The alumni association is known as "ORLABS" (Old Rajshahi Laboratorians' Society). It frequently organizes academic and cultural programs at the school.

== Logo/Symbol Introduction ==

Hand-drawn explanatory design of the logo by Hashem Khan

The school monogram is a symbolic design. It has been designed by the famous painter Hashem Khan.

The main design features four angular structures. The left corner is education, the right corner is culture and the bottom corner is patriotism or service to the country, which holds education and culture as a firm commitment to move upward, i.e. towards progress and light. The open book standing in the center of the quadrangular room is a symbol of knowledge. It is through the practice of knowledge that the human society moves forward towards progress by embracing education, culture and patriotism.

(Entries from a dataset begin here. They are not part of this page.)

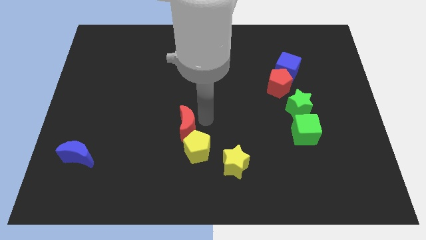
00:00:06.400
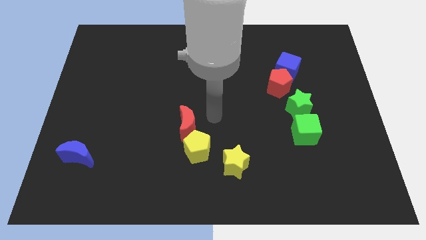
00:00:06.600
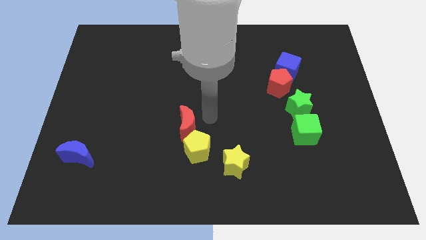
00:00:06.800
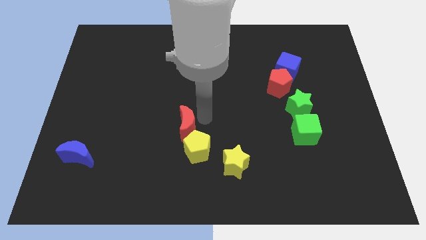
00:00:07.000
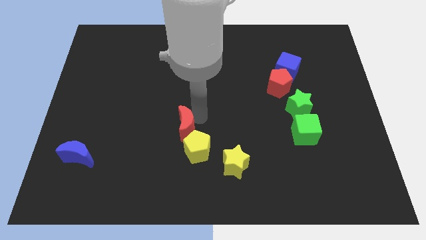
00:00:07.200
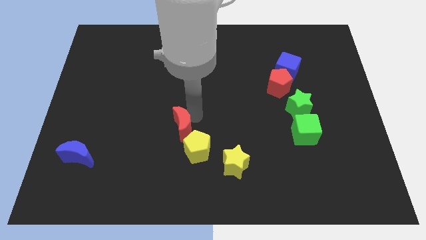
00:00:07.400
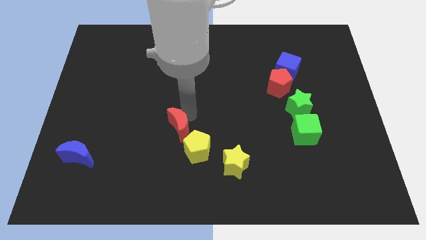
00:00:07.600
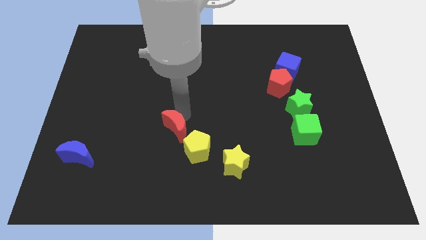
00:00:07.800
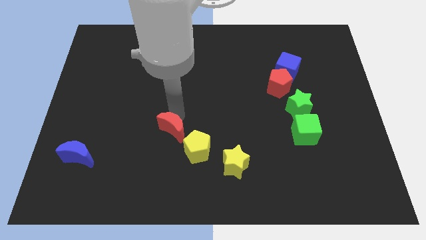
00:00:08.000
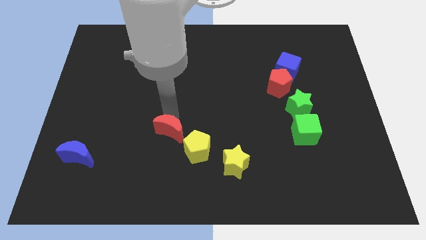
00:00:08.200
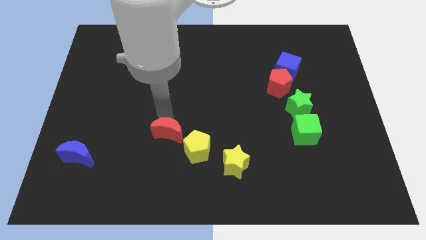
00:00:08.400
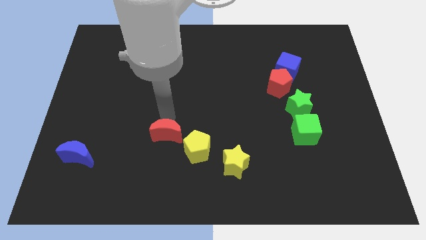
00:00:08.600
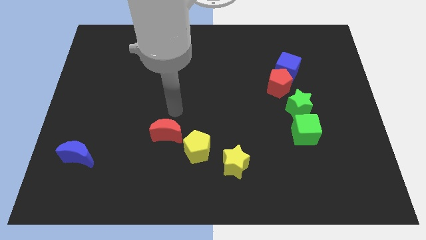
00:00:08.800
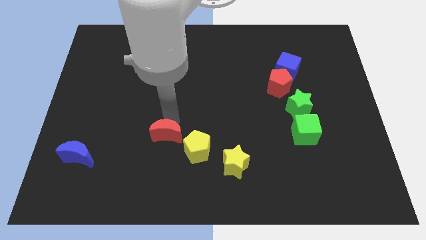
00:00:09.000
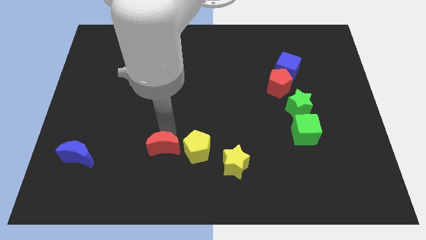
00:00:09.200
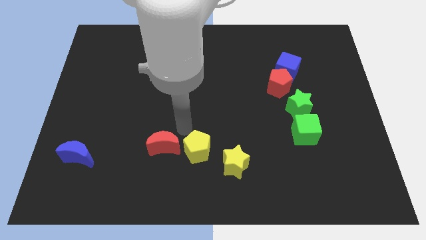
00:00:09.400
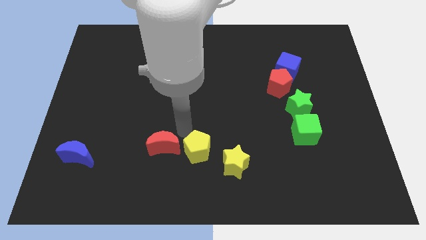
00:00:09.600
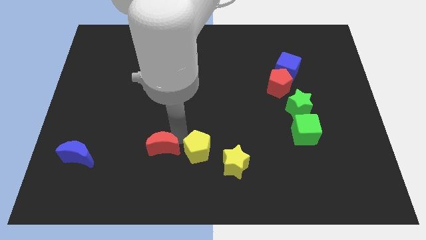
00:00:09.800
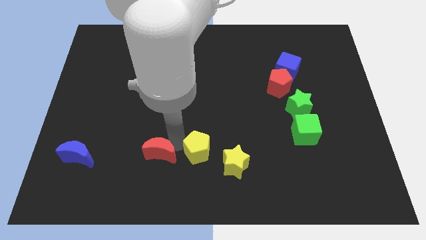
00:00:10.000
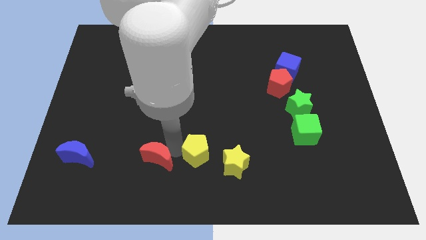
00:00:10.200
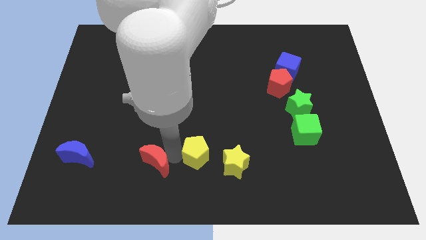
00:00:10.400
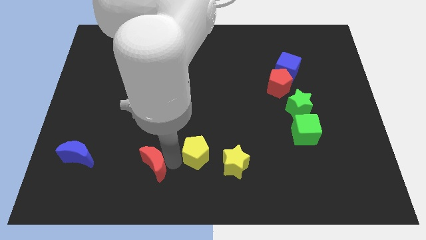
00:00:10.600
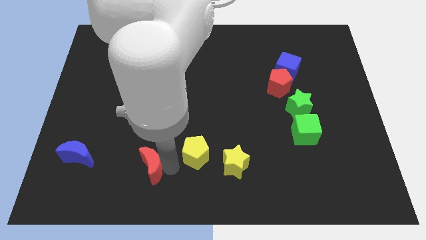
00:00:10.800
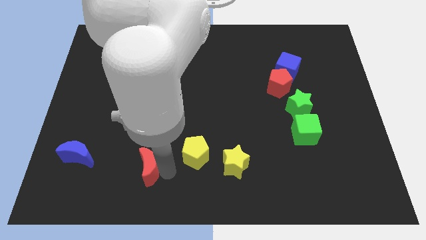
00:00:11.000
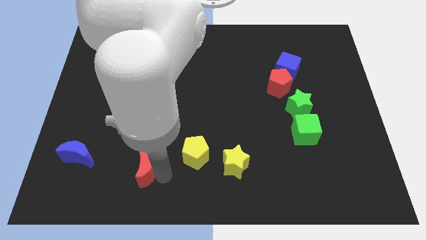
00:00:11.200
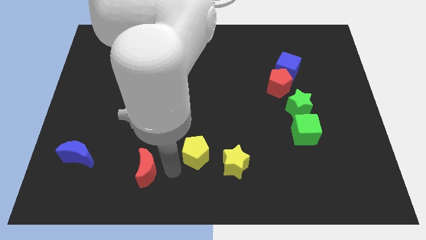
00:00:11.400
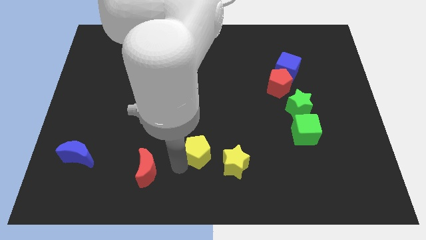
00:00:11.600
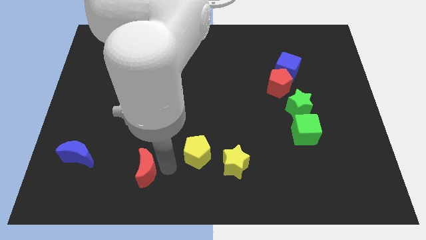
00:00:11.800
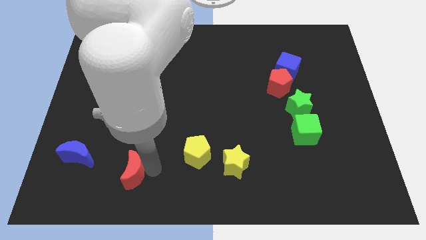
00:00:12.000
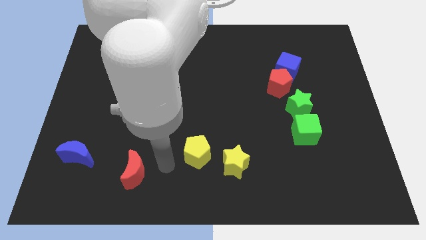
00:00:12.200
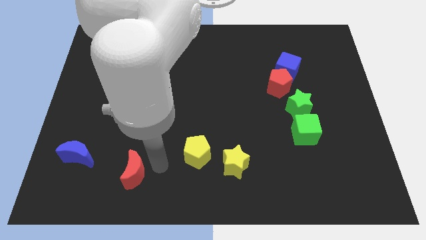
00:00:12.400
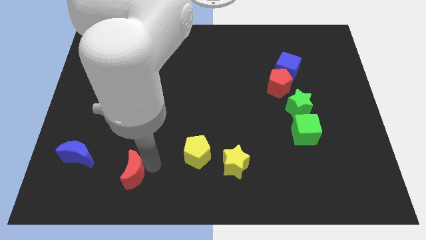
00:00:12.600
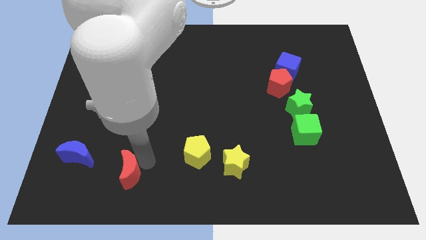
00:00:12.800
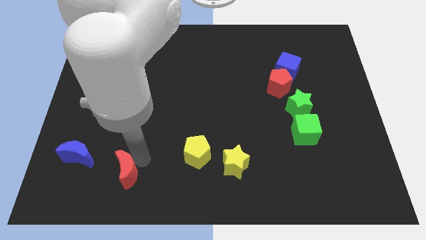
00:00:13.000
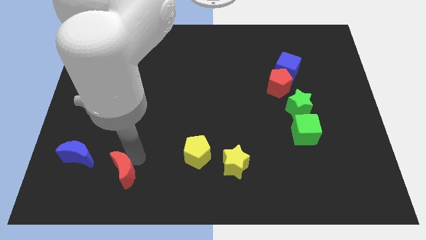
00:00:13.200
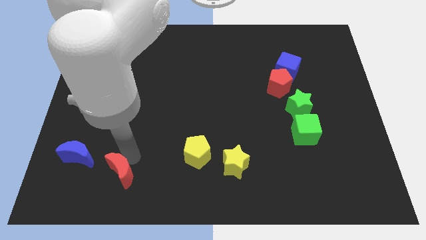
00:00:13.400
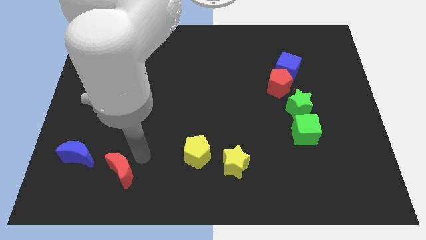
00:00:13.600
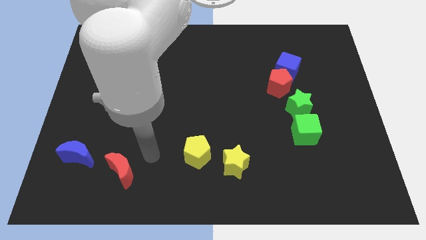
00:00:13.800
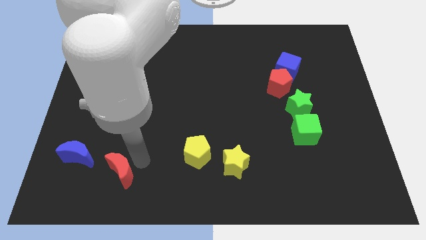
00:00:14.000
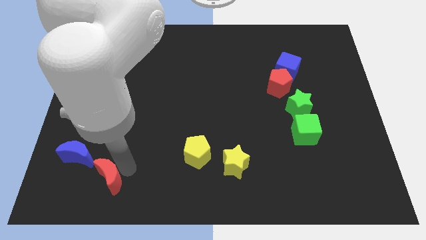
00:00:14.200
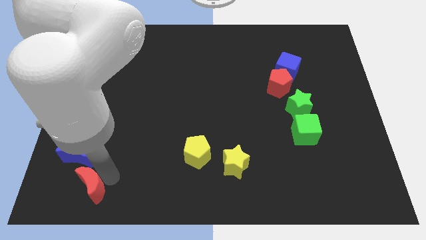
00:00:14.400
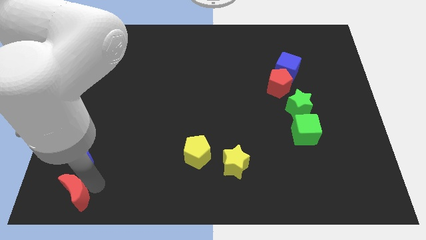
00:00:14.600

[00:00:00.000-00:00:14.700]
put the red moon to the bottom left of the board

The flower bud just above the book in the design symbolizes teenage children. They will be enlightened by the light of education from the bud and blossom into beautiful and full flowers. That is, he will be established as a complete and ideal person in the society. Govt Laboratory High School, Rajshahi, written in a semi-circle, is arranged with all the designs in such a way that the institution stands on a solid foundation.The color of the symbol – the square house and the bud is crimson which is the color of the national flag, a symbol of youth. The yellow color of the book is the light of knowledge, the color of brightness. The outer and middle lines of the book are blue – the kindness of the sky.